** Opening RECORD EXCERPTS block **

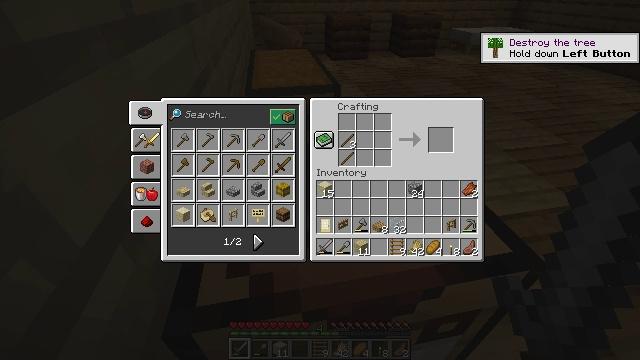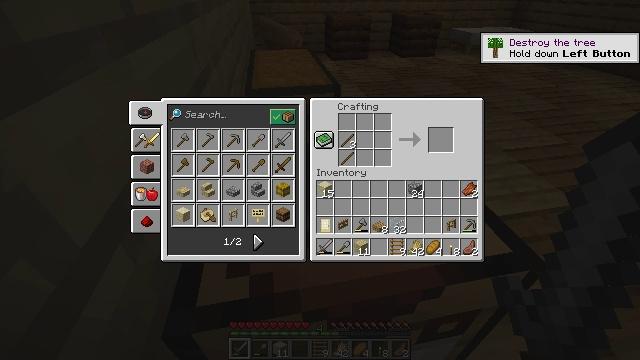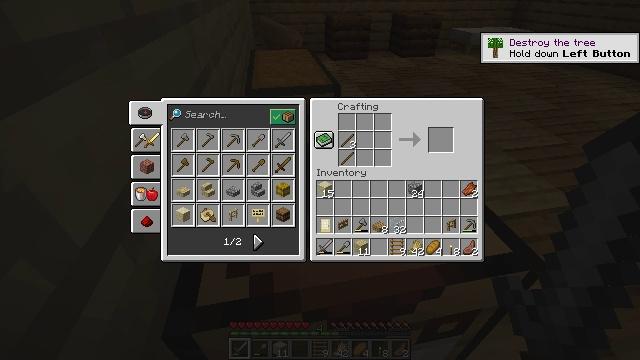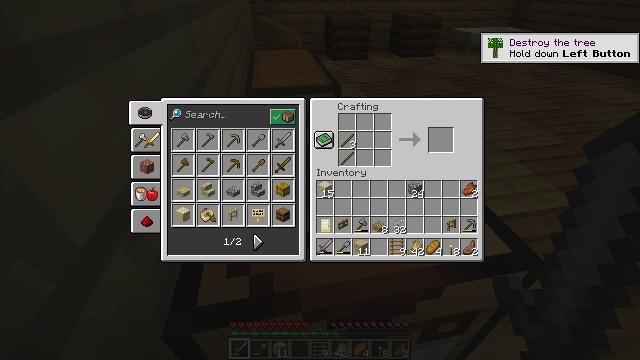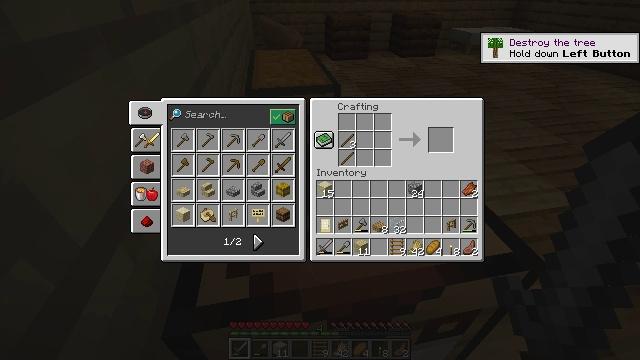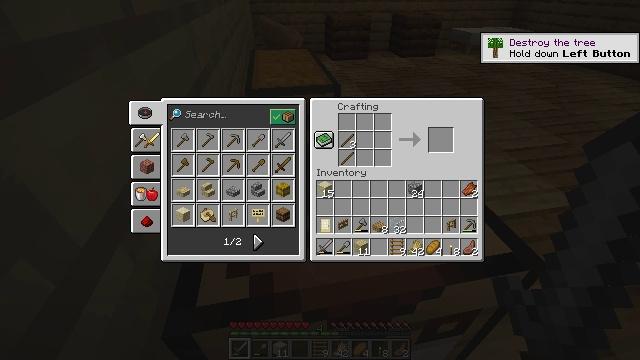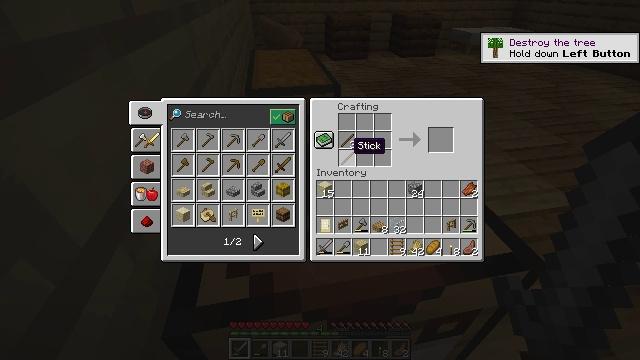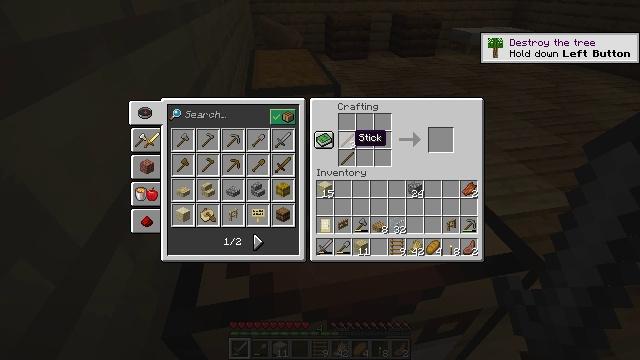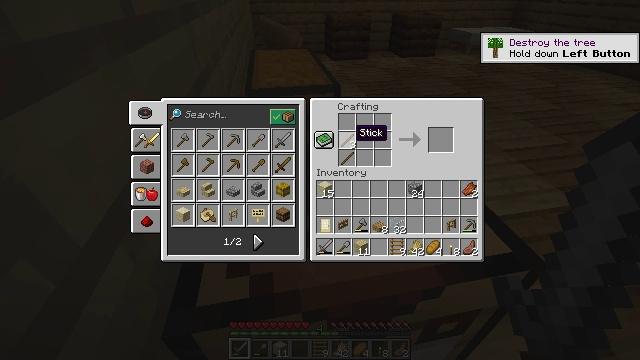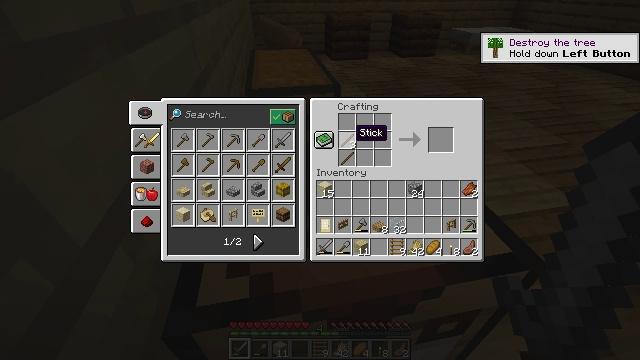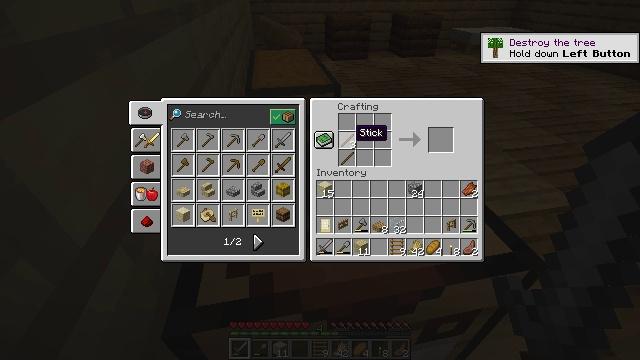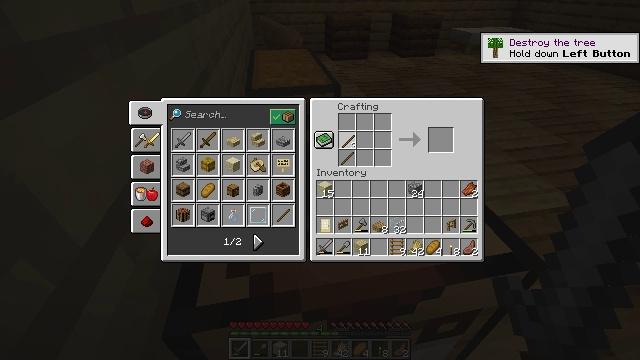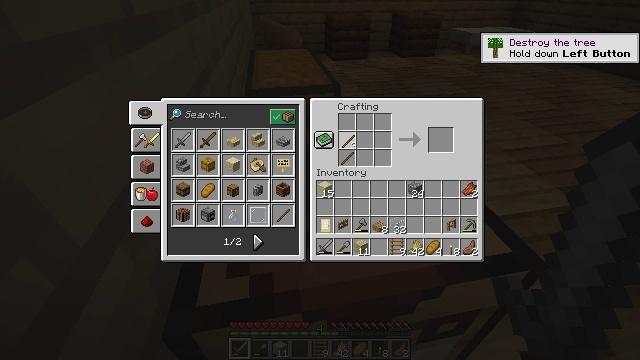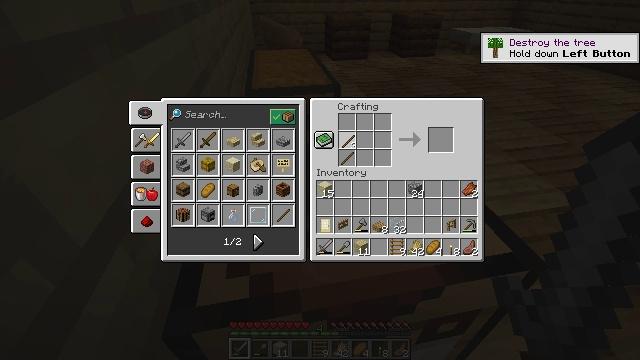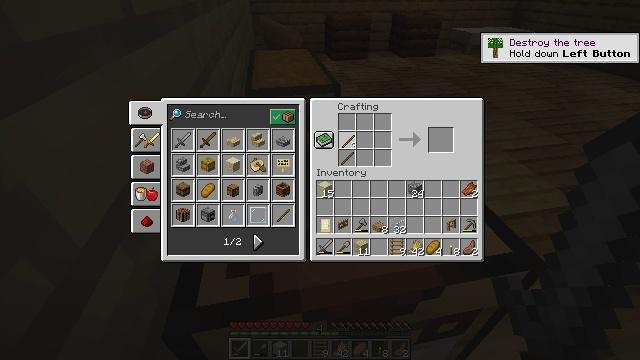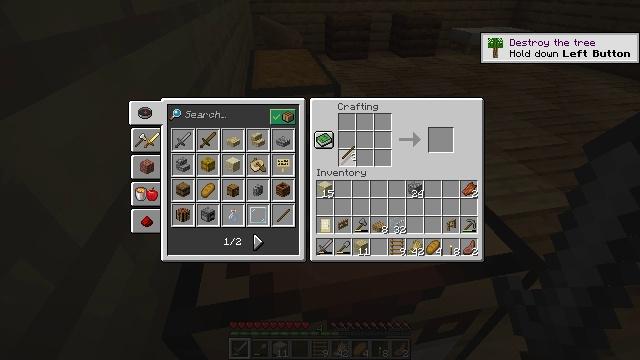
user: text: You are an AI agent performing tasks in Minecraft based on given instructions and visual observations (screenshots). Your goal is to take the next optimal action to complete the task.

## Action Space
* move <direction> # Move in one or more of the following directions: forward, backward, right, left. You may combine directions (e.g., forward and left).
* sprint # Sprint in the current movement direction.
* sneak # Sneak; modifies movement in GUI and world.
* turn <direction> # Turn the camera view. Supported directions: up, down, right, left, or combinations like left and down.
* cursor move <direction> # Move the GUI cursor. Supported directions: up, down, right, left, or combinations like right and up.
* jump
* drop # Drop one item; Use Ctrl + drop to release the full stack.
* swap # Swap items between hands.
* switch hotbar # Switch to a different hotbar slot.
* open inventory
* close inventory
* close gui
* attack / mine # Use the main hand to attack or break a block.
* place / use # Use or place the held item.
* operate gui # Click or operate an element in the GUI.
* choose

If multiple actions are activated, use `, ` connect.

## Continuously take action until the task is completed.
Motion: motion action
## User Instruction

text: Retrieve oak planks from the wooden block.
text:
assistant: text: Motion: no_op
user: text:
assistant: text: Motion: operate gui
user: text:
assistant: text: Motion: operate gui
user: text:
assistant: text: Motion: operate gui
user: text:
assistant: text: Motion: operate gui
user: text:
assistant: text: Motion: cursor move up
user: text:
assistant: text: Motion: cursor move up
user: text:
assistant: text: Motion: no_op
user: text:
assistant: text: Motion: no_op
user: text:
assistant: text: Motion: no_op
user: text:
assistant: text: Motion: operate gui
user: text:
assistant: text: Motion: operate gui
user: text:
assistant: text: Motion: operate gui
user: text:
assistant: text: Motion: no_op
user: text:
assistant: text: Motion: cursor move down
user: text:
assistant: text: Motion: no_op
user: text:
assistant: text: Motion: no_op
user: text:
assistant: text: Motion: no_op
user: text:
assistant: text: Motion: operate gui
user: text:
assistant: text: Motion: operate gui
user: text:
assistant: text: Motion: operate gui
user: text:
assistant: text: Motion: operate gui
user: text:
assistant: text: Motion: no_op
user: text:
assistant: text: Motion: no_op
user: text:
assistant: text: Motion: no_op
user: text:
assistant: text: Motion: no_op
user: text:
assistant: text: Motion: no_op
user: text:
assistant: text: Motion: no_op
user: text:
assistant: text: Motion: no_op
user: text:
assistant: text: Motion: no_op
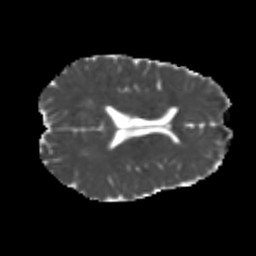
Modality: MD
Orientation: axial
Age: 22
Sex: male
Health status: healthy
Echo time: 0.074 s
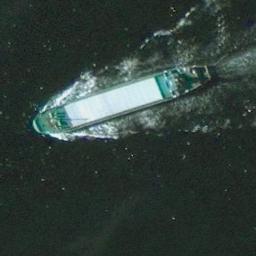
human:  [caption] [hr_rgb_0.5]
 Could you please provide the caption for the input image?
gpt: A green and white ship sailing on the blue sea .

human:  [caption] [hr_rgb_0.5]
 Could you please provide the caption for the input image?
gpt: The cargo ship is sailing in the deep blue water .

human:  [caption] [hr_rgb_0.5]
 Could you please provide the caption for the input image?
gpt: There is a ship in the green water .

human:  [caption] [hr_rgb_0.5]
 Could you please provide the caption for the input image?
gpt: There is a ship at sea .

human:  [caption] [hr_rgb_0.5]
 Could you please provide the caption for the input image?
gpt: The ship is surrounded by water .
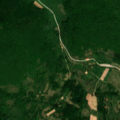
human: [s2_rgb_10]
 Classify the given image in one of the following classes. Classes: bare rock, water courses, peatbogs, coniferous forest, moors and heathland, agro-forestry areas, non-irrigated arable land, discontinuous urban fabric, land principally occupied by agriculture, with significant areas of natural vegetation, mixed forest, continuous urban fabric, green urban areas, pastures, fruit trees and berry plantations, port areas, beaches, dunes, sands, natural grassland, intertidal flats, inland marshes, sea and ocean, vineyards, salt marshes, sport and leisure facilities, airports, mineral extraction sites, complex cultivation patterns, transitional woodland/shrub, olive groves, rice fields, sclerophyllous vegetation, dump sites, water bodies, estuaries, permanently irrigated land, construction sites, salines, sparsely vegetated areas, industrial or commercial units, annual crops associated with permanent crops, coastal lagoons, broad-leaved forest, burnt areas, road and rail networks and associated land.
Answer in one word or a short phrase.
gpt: complex cultivation patterns, land principally occupied by agriculture, with significant areas of natural vegetation, broad-leaved forest, transitional woodland/shrub
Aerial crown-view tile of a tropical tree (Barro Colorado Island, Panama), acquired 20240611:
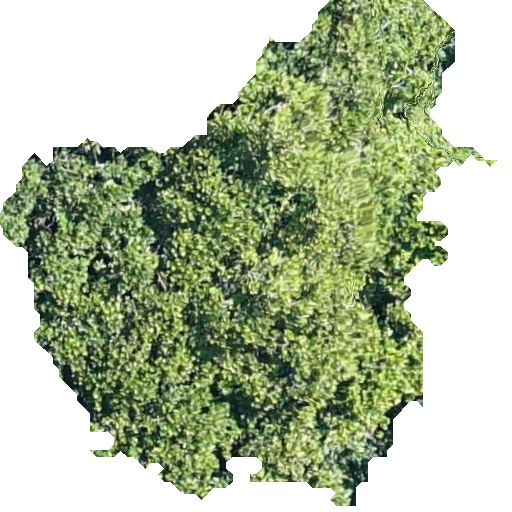
Species: Anacardium excelsum
GBIF accepted scientific name: Anacardium excelsum
Crown area: 235.861 m²
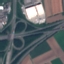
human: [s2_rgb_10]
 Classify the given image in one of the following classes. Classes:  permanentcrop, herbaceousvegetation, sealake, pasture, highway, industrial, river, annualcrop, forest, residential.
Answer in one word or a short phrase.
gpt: Highway
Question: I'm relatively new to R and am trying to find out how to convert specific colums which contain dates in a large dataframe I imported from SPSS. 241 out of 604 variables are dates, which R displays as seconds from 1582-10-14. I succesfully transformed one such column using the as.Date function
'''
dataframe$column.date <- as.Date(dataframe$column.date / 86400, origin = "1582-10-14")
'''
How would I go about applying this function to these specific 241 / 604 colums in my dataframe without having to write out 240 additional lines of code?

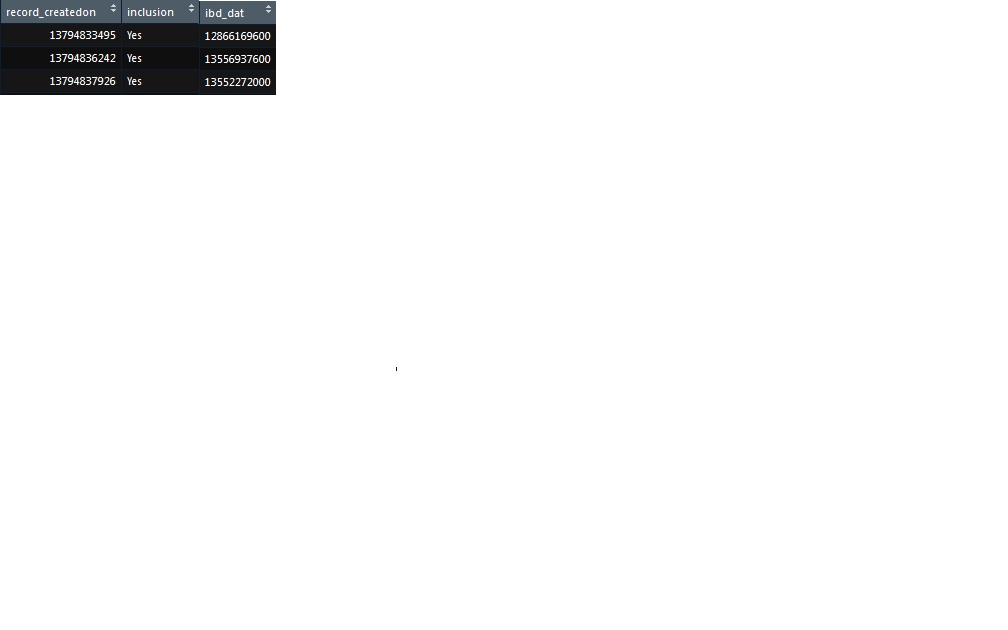
Answer: Lets assume that this is the sample of the data.frame that you have.
'''
record_createdon<-c(<PHONE>,<PHONE>,<PHONE>)
inclusion<-c('Yes,','Yes','Yes')
ibd_dat<-c(<PHONE>,<PHONE>,<PHONE>)
df<-data.frame(record_createdon,inclusion,ibd_dat)
'''
According to what you have done-creating a vector with the names of columns containing the date. Lets call this 'date_vec'
'date_vec<-c('record_createdon','ibd_dat')'
you can use the lapply function in base R to convert the columns with dates without having to write a conversion for each column with a data using the following
'''
df[date_vec]<-lapply(df[date_vec],function(x) as.Date(x/86400, origin = "1582-10-14"))
record_createdon inclusion ibd_dat
1 2019-12-04 Yes, 1990-07-01
2 2019-12-04 Yes 2012-05-21
3 2019-12-04 Yes 2012-03-28
'''

** Closing RECORD EXCERPTS block **

All the records need to be printed again exactly as written, though without their pictures.

user: text: You are an AI agent performing tasks in Minecraft based on given instructions and visual observations (screenshots). Your goal is to take the next optimal action to complete the task.

## Action Space
* move <direction> # Move in one or more of the following directions: forward, backward, right, left. You may combine directions (e.g., forward and left).
* sprint # Sprint in the current movement direction.
* sneak # Sneak; modifies movement in GUI and world.
* turn <direction> # Turn the camera view. Supported directions: up, down, right, left, or combinations like left and down.
* cursor move <direction> # Move the GUI cursor. Supported directions: up, down, right, left, or combinations like right and up.
* jump
* drop # Drop one item; Use Ctrl + drop to release the full stack.
* swap # Swap items between hands.
* switch hotbar # Switch to a different hotbar slot.
* open inventory
* close inventory
* close gui
* attack / mine # Use the main hand to attack or break a block.
* place / use # Use or place the held item.
* operate gui # Click or operate an element in the GUI.
* choose

If multiple actions are activated, use `, ` connect.

## Continuously take action until the task is completed.
Motion: motion action
## User Instruction

text: Retrieve oak planks from the wooden block.
text:
assistant: text: Motion: no_op
user: text:
assistant: text: Motion: operate gui
user: text:
assistant: text: Motion: operate gui
user: text:
assistant: text: Motion: operate gui
user: text:
assistant: text: Motion: operate gui
user: text:
assistant: text: Motion: cursor move up
user: text:
assistant: text: Motion: cursor move up
user: text:
assistant: text: Motion: no_op
user: text:
assistant: text: Motion: no_op
user: text:
assistant: text: Motion: no_op
user: text:
assistant: text: Motion: operate gui
user: text:
assistant: text: Motion: operate gui
user: text:
assistant: text: Motion: operate gui
user: text:
assistant: text: Motion: no_op
user: text:
assistant: text: Motion: cursor move down
user: text:
assistant: text: Motion: no_op
user: text:
assistant: text: Motion: no_op
user: text:
assistant: text: Motion: no_op
user: text:
assistant: text: Motion: operate gui
user: text:
assistant: text: Motion: operate gui
user: text:
assistant: text: Motion: operate gui
user: text:
assistant: text: Motion: operate gui
user: text:
assistant: text: Motion: no_op
user: text:
assistant: text: Motion: no_op
user: text:
assistant: text: Motion: no_op
user: text:
assistant: text: Motion: no_op
user: text:
assistant: text: Motion: no_op
user: text:
assistant: text: Motion: no_op
user: text:
assistant: text: Motion: no_op
user: text:
assistant: text: Motion: no_op
Modality: MD
Orientation: axial
Age: 22
Sex: male
Health status: healthy
Echo time: 0.074 s
human:  [caption] [hr_rgb_0.5]
 Could you please provide the caption for the input image?
gpt: A green and white ship sailing on the blue sea .

human:  [caption] [hr_rgb_0.5]
 Could you please provide the caption for the input image?
gpt: The cargo ship is sailing in the deep blue water .

human:  [caption] [hr_rgb_0.5]
 Could you please provide the caption for the input image?
gpt: There is a ship in the green water .

human:  [caption] [hr_rgb_0.5]
 Could you please provide the caption for the input image?
gpt: There is a ship at sea .

human:  [caption] [hr_rgb_0.5]
 Could you please provide the caption for the input image?
gpt: The ship is surrounded by water .
human: [s2_rgb_10]
 Classify the given image in one of the following classes. Classes: bare rock, water courses, peatbogs, coniferous forest, moors and heathland, agro-forestry areas, non-irrigated arable land, discontinuous urban fabric, land principally occupied by agriculture, with significant areas of natural vegetation, mixed forest, continuous urban fabric, green urban areas, pastures, fruit trees and berry plantations, port areas, beaches, dunes, sands, natural grassland, intertidal flats, inland marshes, sea and ocean, vineyards, salt marshes, sport and leisure facilities, airports, mineral extraction sites, complex cultivation patterns, transitional woodland/shrub, olive groves, rice fields, sclerophyllous vegetation, dump sites, water bodies, estuaries, permanently irrigated land, construction sites, salines, sparsely vegetated areas, industrial or commercial units, annual crops associated with permanent crops, coastal lagoons, broad-leaved forest, burnt areas, road and rail networks and associated land.
Answer in one word or a short phrase.
gpt: complex cultivation patterns, land principally occupied by agriculture, with significant areas of natural vegetation, broad-leaved forest, transitional woodland/shrub
Aerial crown-view tile of a tropical tree (Barro Colorado Island, Panama), acquired 20240611:
Species: Anacardium excelsum
GBIF accepted scientific name: Anacardium excelsum
Crown area: 235.861 m²
human: [s2_rgb_10]
 Classify the given image in one of the following classes. Classes:  permanentcrop, herbaceousvegetation, sealake, pasture, highway, industrial, river, annualcrop, forest, residential.
Answer in one word or a short phrase.
gpt: Highway
Question: I'm relatively new to R and am trying to find out how to convert specific colums which contain dates in a large dataframe I imported from SPSS. 241 out of 604 variables are dates, which R displays as seconds from 1582-10-14. I succesfully transformed one such column using the as.Date function
'''
dataframe$column.date <- as.Date(dataframe$column.date / 86400, origin = "1582-10-14")
'''
How would I go about applying this function to these specific 241 / 604 colums in my dataframe without having to write out 240 additional lines of code?

Answer: Lets assume that this is the sample of the data.frame that you have.
'''
record_createdon<-c(<PHONE>,<PHONE>,<PHONE>)
inclusion<-c('Yes,','Yes','Yes')
ibd_dat<-c(<PHONE>,<PHONE>,<PHONE>)
df<-data.frame(record_createdon,inclusion,ibd_dat)
'''
According to what you have done-creating a vector with the names of columns containing the date. Lets call this 'date_vec'
'date_vec<-c('record_createdon','ibd_dat')'
you can use the lapply function in base R to convert the columns with dates without having to write a conversion for each column with a data using the following
'''
df[date_vec]<-lapply(df[date_vec],function(x) as.Date(x/86400, origin = "1582-10-14"))
record_createdon inclusion ibd_dat
1 2019-12-04 Yes, 1990-07-01
2 2019-12-04 Yes 2012-05-21
3 2019-12-04 Yes 2012-03-28
'''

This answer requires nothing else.